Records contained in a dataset

<<<<

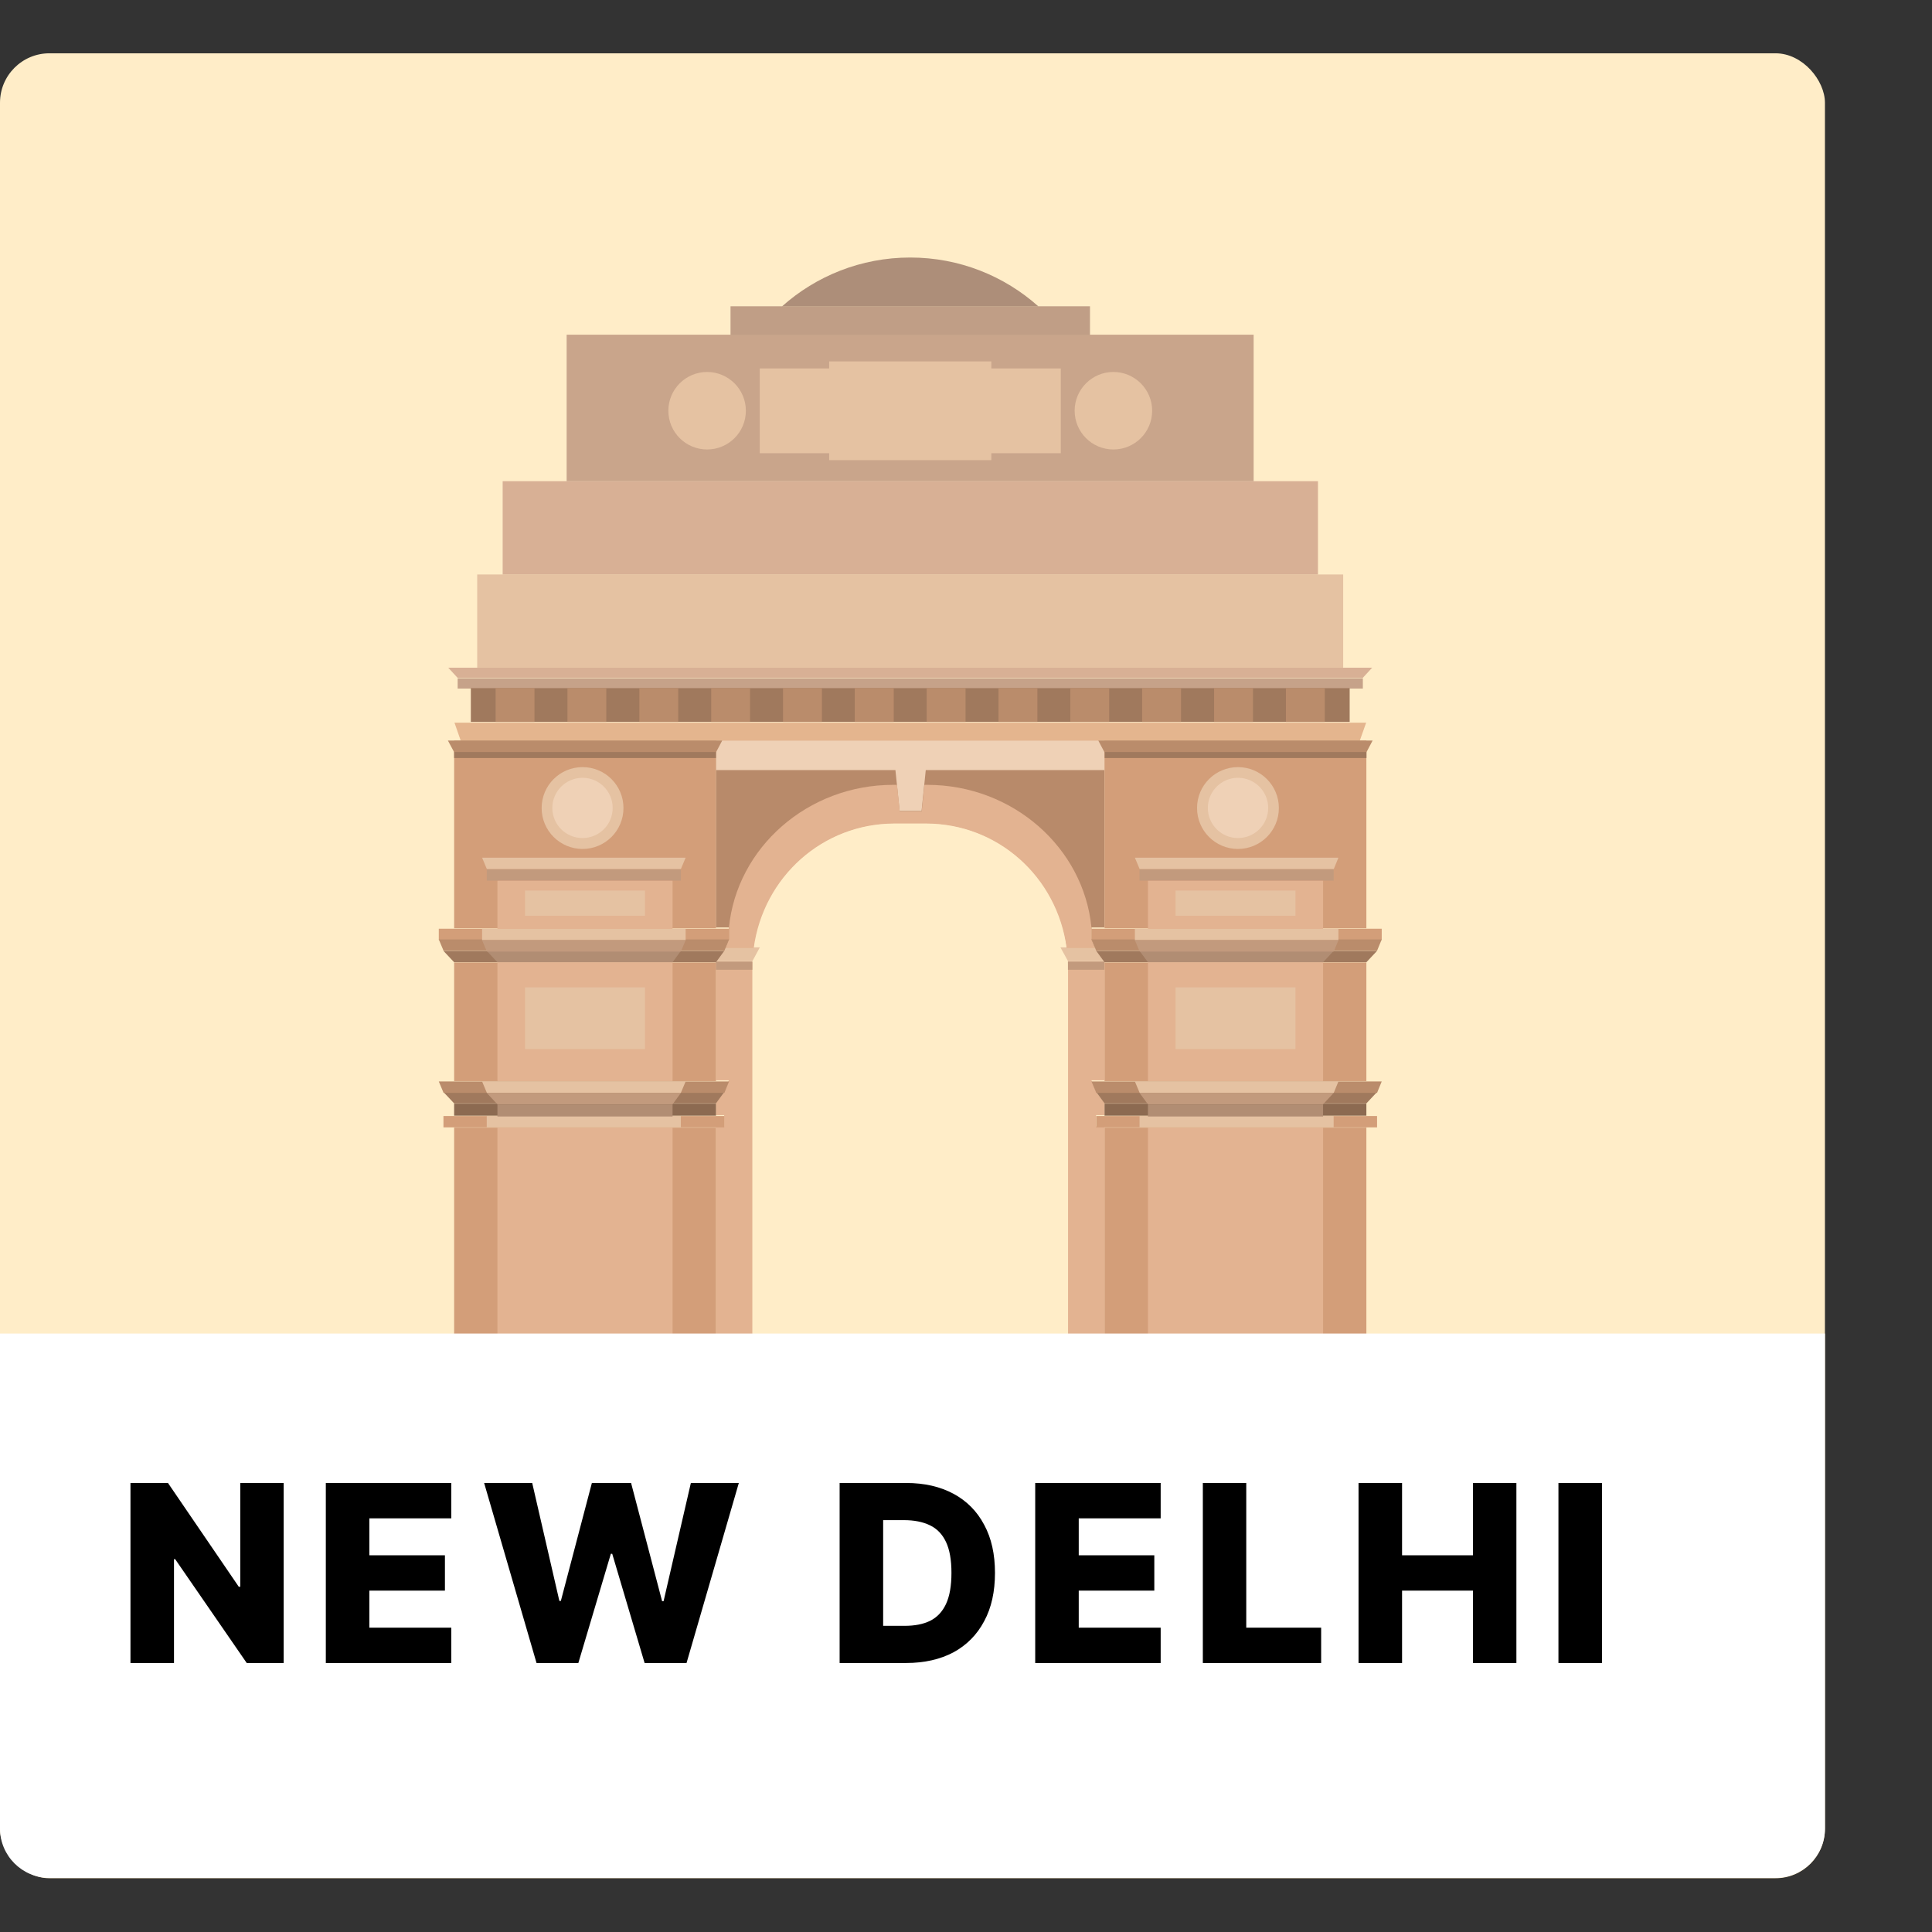<svg width="17" height="17" viewBox="0 0 17 17" fill="none" xmlns="http://www.w3.org/2000/svg">
<rect x="0" y="0" width="17" height="17" fill="#333333" stroke="none"/>
<rect y="0.469" width="16.058" height="16.058" rx="0.435" fill="#FFEDC8"/>
<path d="M6.62 8.462H6.372H6.299V9.506H6.413L6.372 9.606L6.299 9.706V9.812H6.372V9.912H6.299V12.336V12.598V13.474H6.62V8.494C6.62 8.483 6.62 8.472 6.62 8.461L6.62 8.462Z" fill="#E3B391"/>
<path d="M9.398 8.462L9.397 8.461C9.398 8.472 9.398 8.483 9.398 8.494V13.474H9.719V12.598V12.336V9.912H9.645V9.812H9.719V9.706L9.645 9.606L9.604 9.506H9.719V8.462H9.645H9.398V8.462Z" fill="#E3B391"/>
<path d="M8.061 6.508H7.957H6.299V8.161H6.413V8.261L6.372 8.361L6.381 8.338H6.629C6.706 7.72 7.232 7.242 7.871 7.242H8.007H8.011H8.147C8.785 7.242 9.312 7.72 9.388 8.338H9.636L9.645 8.361L9.604 8.261V8.161H9.719V6.508H8.061Z" fill="#B88A6A"/>
<path d="M9.636 8.336H9.331L9.398 8.458H9.718L9.636 8.336Z" fill="#E5C2A2"/>
<path d="M9.718 8.461H9.397V8.533H9.718V8.461Z" fill="#C29A7D"/>
<path d="M9.719 6.508H6.299V6.776H7.879L7.916 7.136H8.109L8.146 6.776H9.719V6.508Z" fill="#EFD1B6"/>
<path d="M6.372 8.358L6.381 8.336H6.686L6.62 8.458H6.299L6.372 8.358Z" fill="#E5C2A2"/>
<path d="M6.62 8.461H6.299V8.533H6.62V8.461Z" fill="#C29A7D"/>
<path d="M9.636 8.342L9.604 8.264V8.163C9.536 7.458 8.911 6.906 8.159 6.906H8.134L8.11 7.14H7.917L7.893 6.906H7.859C7.107 6.906 6.483 7.458 6.414 8.163V8.264L6.382 8.342H6.632C6.718 7.714 7.24 7.246 7.871 7.246H8.147C8.779 7.246 9.301 7.714 9.386 8.342H9.636Z" fill="#E3B391"/>
<path d="M11.992 5.969H4.027V6.059H11.992V5.969Z" fill="#C6A289"/>
<path d="M11.991 5.965H4.027L3.944 5.875H12.074L11.991 5.965Z" fill="#D8B095"/>
<path d="M11.819 5.055H4.199V5.875H11.819V5.055Z" fill="#E5C2A2"/>
<path d="M11.597 4.234H4.423V5.055H11.597V4.234Z" fill="#D8B095"/>
<path d="M11.031 2.945H4.986V4.234H11.031V2.945Z" fill="#C9A58B"/>
<path d="M9.591 2.695H6.428V2.948H9.591V2.695Z" fill="#C09E86"/>
<path d="M9.137 2.696C8.838 2.429 8.443 2.266 8.009 2.266C7.576 2.266 7.18 2.429 6.881 2.696H9.137Z" fill="#AD8E79"/>
<path d="M11.876 6.055H4.143V6.352H11.876V6.055Z" fill="#A0795D"/>
<path d="M4.703 6.055H4.361V6.352H4.703V6.055Z" fill="#BA8C6B"/>
<path d="M5.335 6.055H4.993V6.352H5.335V6.055Z" fill="#BA8C6B"/>
<path d="M5.968 6.055H5.626V6.352H5.968V6.055Z" fill="#BA8C6B"/>
<path d="M6.6 6.055H6.258V6.352H6.6V6.055Z" fill="#BA8C6B"/>
<path d="M7.232 6.055H6.89V6.352H7.232V6.055Z" fill="#BA8C6B"/>
<path d="M7.864 6.055H7.521V6.352H7.864V6.055Z" fill="#BA8C6B"/>
<path d="M8.496 6.055H8.154V6.352H8.496V6.055Z" fill="#BA8C6B"/>
<path d="M9.128 6.055H8.786V6.352H9.128V6.055Z" fill="#BA8C6B"/>
<path d="M9.76 6.055H9.418V6.352H9.76V6.055Z" fill="#BA8C6B"/>
<path d="M10.392 6.055H10.05V6.352H10.392V6.055Z" fill="#BA8C6B"/>
<path d="M11.025 6.055H10.683V6.352H11.025V6.055Z" fill="#BA8C6B"/>
<path d="M11.657 6.055H11.315V6.352H11.657V6.055Z" fill="#BA8C6B"/>
<path d="M11.965 6.517H4.054L3.999 6.359H12.021L11.965 6.517Z" fill="#E4B58E"/>
<path d="M6.563 3.614C6.563 3.803 6.41 3.955 6.222 3.955C6.034 3.955 5.881 3.803 5.881 3.614C5.881 3.426 6.034 3.273 6.222 3.273C6.41 3.273 6.563 3.426 6.563 3.614Z" fill="#E5C2A2"/>
<path d="M10.138 3.614C10.138 3.803 9.985 3.955 9.797 3.955C9.609 3.955 9.456 3.803 9.456 3.614C9.456 3.426 9.609 3.273 9.797 3.273C9.985 3.273 10.138 3.426 10.138 3.614Z" fill="#E5C2A2"/>
<path d="M9.334 3.242H8.723V3.18H7.296V3.242H6.685V3.988H7.296V4.049H8.723V3.988H9.334V3.242Z" fill="#E5C2A2"/>
<path d="M12.023 12.602H9.719V13.478H12.023V12.602Z" fill="#D39E79"/>
<path d="M12.023 12.344H9.719V12.605H12.023V12.344Z" fill="#BA8C6B"/>
<path d="M12.023 9.922H9.719V12.346H12.023V9.922Z" fill="#D39E79"/>
<path d="M12.117 9.82H9.646V9.92H12.117V9.82Z" fill="#D39E79"/>
<path d="M12.023 9.709H9.719L9.646 9.609H12.117L12.023 9.709Z" fill="#A0795D"/>
<path d="M12.117 9.616H9.646L9.604 9.516H12.158L12.117 9.616Z" fill="#BA8C6B"/>
<path d="M12.023 8.467H9.719L9.646 8.367H12.117L12.023 8.467Z" fill="#A0795D"/>
<path d="M12.158 8.172H9.604V8.272H12.158V8.172Z" fill="#D39E79"/>
<path d="M12.117 8.366H9.646L9.604 8.266H12.158L12.117 8.366Z" fill="#BA8C6B"/>
<path d="M12.023 9.711H9.719V9.817H12.023V9.711Z" fill="#8C6A51"/>
<path d="M12.023 8.469H9.719V9.513H12.023V8.469Z" fill="#D39E79"/>
<path d="M12.023 6.516H9.719V8.168H12.023V6.516Z" fill="#D39E79"/>
<path d="M12.023 6.62H9.719L9.664 6.516H12.078L12.023 6.62Z" fill="#BA8C6B"/>
<path d="M12.024 6.617H9.72V6.67H12.024V6.617Z" fill="#A0795D"/>
<path d="M11.642 12.609H10.101V13.486H11.642V12.609Z" fill="#E5C2A2"/>
<path d="M11.642 12.344H10.101V12.605H11.642V12.344Z" fill="#C29A7D"/>
<path d="M11.642 9.922H10.101V12.346H11.642V9.922Z" fill="#E3B391"/>
<path d="M11.735 9.82H10.027V9.92H11.735V9.82Z" fill="#E5C2A2"/>
<path d="M11.642 9.717H10.101L10.027 9.617H11.735L11.642 9.717Z" fill="#C29A7D"/>
<path d="M11.736 9.616H10.028L9.986 9.516H11.777L11.736 9.616Z" fill="#E5C2A2"/>
<path d="M11.642 8.467H10.101L10.027 8.367H11.735L11.642 8.467Z" fill="#B18D73"/>
<path d="M11.777 8.172H9.986V8.272H11.777V8.172Z" fill="#E5C2A2"/>
<path d="M11.736 8.373H10.028L9.986 8.273H11.777L11.736 8.373Z" fill="#C29A7D"/>
<path d="M11.735 7.648H10.027V7.749H11.735V7.648Z" fill="#C29A7D"/>
<path d="M11.736 7.647H10.028L9.986 7.547H11.777L11.736 7.647Z" fill="#E5C2A2"/>
<path d="M11.642 9.719H10.101V9.824H11.642V9.719Z" fill="#B18D73"/>
<path d="M11.642 8.469H10.101V9.513H11.642V8.469Z" fill="#E3B391"/>
<path d="M11.399 8.688H10.344V9.231H11.399V8.688Z" fill="#E5C2A2"/>
<path d="M11.642 7.75H10.101V8.174H11.642V7.75Z" fill="#E3B391"/>
<path d="M11.399 7.836H10.344V8.058H11.399V7.836Z" fill="#E5C2A2"/>
<path d="M11.253 7.11C11.253 7.309 11.092 7.47 10.893 7.47C10.694 7.47 10.533 7.309 10.533 7.11C10.533 6.911 10.694 6.75 10.893 6.75C11.092 6.75 11.253 6.911 11.253 7.11Z" fill="#E5C2A2"/>
<path d="M11.159 7.109C11.159 7.256 11.04 7.374 10.893 7.374C10.747 7.374 10.628 7.256 10.628 7.109C10.628 6.963 10.747 6.844 10.893 6.844C11.04 6.844 11.159 6.963 11.159 7.109Z" fill="#EFD1B6"/>
<path d="M6.3 12.602H3.996V13.478H6.3V12.602Z" fill="#D39E79"/>
<path d="M6.3 12.344H3.996V12.605H6.3V12.344Z" fill="#BA8C6B"/>
<path d="M6.3 9.922H3.996V12.346H6.3V9.922Z" fill="#D39E79"/>
<path d="M6.373 9.82H3.902V9.92H6.373V9.82Z" fill="#D39E79"/>
<path d="M3.996 9.709H6.3L6.373 9.609H3.902L3.996 9.709Z" fill="#A0795D"/>
<path d="M3.903 9.616H6.374L6.415 9.516H3.861L3.903 9.616Z" fill="#BA8C6B"/>
<path d="M3.996 8.467H6.3L6.373 8.367H3.902L3.996 8.467Z" fill="#A0795D"/>
<path d="M6.415 8.172H3.861V8.272H6.415V8.172Z" fill="#D39E79"/>
<path d="M3.903 8.366H6.374L6.415 8.266H3.861L3.903 8.366Z" fill="#BA8C6B"/>
<path d="M6.3 9.711H3.996V9.817H6.3V9.711Z" fill="#8C6A51"/>
<path d="M6.3 8.469H3.996V9.513H6.3V8.469Z" fill="#D39E79"/>
<path d="M6.3 6.516H3.996V8.168H6.3V6.516Z" fill="#D39E79"/>
<path d="M3.997 6.62H6.3L6.355 6.516H3.941L3.997 6.62Z" fill="#BA8C6B"/>
<path d="M6.3 6.617H3.996V6.67H6.3V6.617Z" fill="#A0795D"/>
<path d="M5.918 12.609H4.377V13.486H5.918V12.609Z" fill="#E5C2A2"/>
<path d="M5.918 12.344H4.377V12.605H5.918V12.344Z" fill="#C29A7D"/>
<path d="M5.918 9.922H4.377V12.346H5.918V9.922Z" fill="#E3B391"/>
<path d="M5.991 9.82H4.283V9.92H5.991V9.82Z" fill="#E5C2A2"/>
<path d="M4.377 9.717H5.918L5.991 9.617H4.283L4.377 9.717Z" fill="#C29A7D"/>
<path d="M4.284 9.616H5.991L6.033 9.516H4.242L4.284 9.616Z" fill="#E5C2A2"/>
<path d="M4.377 8.467H5.918L5.991 8.367H4.283L4.377 8.467Z" fill="#B18D73"/>
<path d="M6.033 8.172H4.242V8.272H6.033V8.172Z" fill="#E5C2A2"/>
<path d="M4.284 8.373H5.991L6.033 8.273H4.242L4.284 8.373Z" fill="#C29A7D"/>
<path d="M5.991 7.648H4.283V7.749H5.991V7.648Z" fill="#C29A7D"/>
<path d="M4.284 7.647H5.991L6.033 7.547H4.242L4.284 7.647Z" fill="#E5C2A2"/>
<path d="M5.918 9.719H4.377V9.824H5.918V9.719Z" fill="#B18D73"/>
<path d="M5.918 8.469H4.377V9.513H5.918V8.469Z" fill="#E3B391"/>
<path d="M5.675 8.688H4.62V9.231H5.675V8.688Z" fill="#E5C2A2"/>
<path d="M5.918 7.75H4.377V8.174H5.918V7.75Z" fill="#E3B391"/>
<path d="M5.675 7.836H4.62V8.058H5.675V7.836Z" fill="#E5C2A2"/>
<path d="M4.766 7.11C4.766 7.309 4.927 7.47 5.126 7.47C5.325 7.47 5.486 7.309 5.486 7.11C5.486 6.911 5.325 6.75 5.126 6.75C4.927 6.75 4.766 6.911 4.766 7.11Z" fill="#E5C2A2"/>
<path d="M4.86 7.109C4.86 7.256 4.979 7.374 5.126 7.374C5.272 7.374 5.391 7.256 5.391 7.109C5.391 6.963 5.272 6.844 5.126 6.844C4.979 6.844 4.86 6.963 4.86 7.109Z" fill="#EFD1B6"/>
<path d="M0 11.734H16.058V16.089C16.058 16.329 15.863 16.524 15.622 16.524H0.435C0.195 16.524 0 16.329 0 16.089V11.734Z" fill="white"/>
<path d="M2.496 13.049V14.633H2.171L1.541 13.719H1.531V14.633H1.148V13.049H1.478L2.101 13.962H2.114V13.049H2.496ZM2.867 14.633V13.049H3.971V13.36H3.25V13.685H3.915V13.996H3.25V14.322H3.971V14.633H2.867ZM4.721 14.633L4.26 13.049H4.683L4.922 14.087H4.935L5.208 13.049H5.553L5.826 14.089H5.839L6.079 13.049H6.501L6.041 14.633H5.672L5.387 13.672H5.375L5.089 14.633H4.721ZM7.974 14.633H7.388V13.049H7.973C8.134 13.049 8.273 13.081 8.39 13.144C8.507 13.207 8.597 13.298 8.66 13.417C8.724 13.535 8.755 13.676 8.755 13.84C8.755 14.005 8.724 14.147 8.66 14.265C8.597 14.384 8.507 14.475 8.39 14.539C8.273 14.601 8.134 14.633 7.974 14.633ZM7.771 14.306H7.959C8.048 14.306 8.123 14.292 8.184 14.262C8.246 14.231 8.292 14.182 8.324 14.114C8.356 14.045 8.372 13.954 8.372 13.84C8.372 13.726 8.356 13.636 8.324 13.568C8.292 13.5 8.245 13.451 8.182 13.421C8.12 13.391 8.044 13.376 7.953 13.376H7.771V14.306ZM9.109 14.633V13.049H10.213V13.36H9.492V13.685H10.157V13.996H9.492V14.322H10.213V14.633H9.109ZM10.584 14.633V13.049H10.966V14.322H11.625V14.633H10.584ZM11.954 14.633V13.049H12.337V13.685H12.961V13.049H13.343V14.633H12.961V13.996H12.337V14.633H11.954ZM14.096 13.049V14.633H13.713V13.049H14.096Z" fill="black"/>
</svg>

>>>>

(Exercise requirements):
Filter the entries down to the lines with the word "rect" in them.

(Output below):
<rect x="0" y="0" width="17" height="17" fill="#333333" stroke="none"/>
<rect y="0.469" width="16.058" height="16.058" rx="0.435" fill="#FFEDC8"/>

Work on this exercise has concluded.